=== Begin Enclosure ===

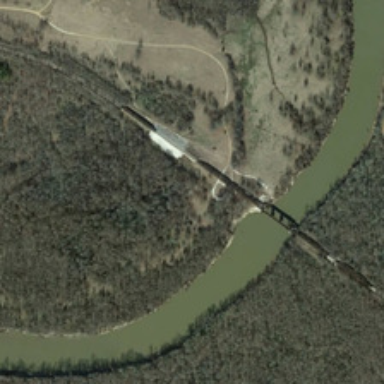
Many green trees are in two sides of a curved river .
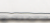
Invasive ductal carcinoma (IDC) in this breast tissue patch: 0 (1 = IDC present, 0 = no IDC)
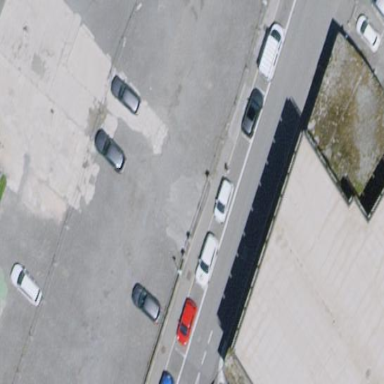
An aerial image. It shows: Parking available on the street side with parallel orientation.
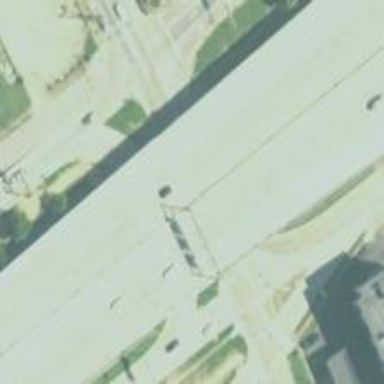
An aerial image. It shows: Primary link highway.
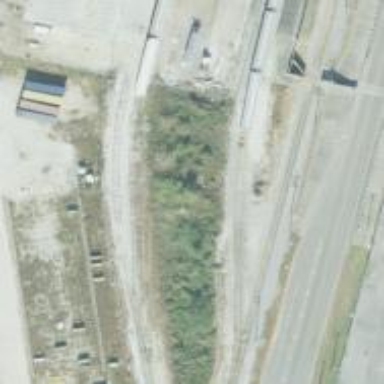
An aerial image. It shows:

=== End Enclosure ===

### About this task
When a line among the entries above contains "aerial", copy it.

### Response
An aerial image. It shows: Parking available on the street side with parallel orientation.
An aerial image. It shows: Primary link highway.
An aerial image. It shows:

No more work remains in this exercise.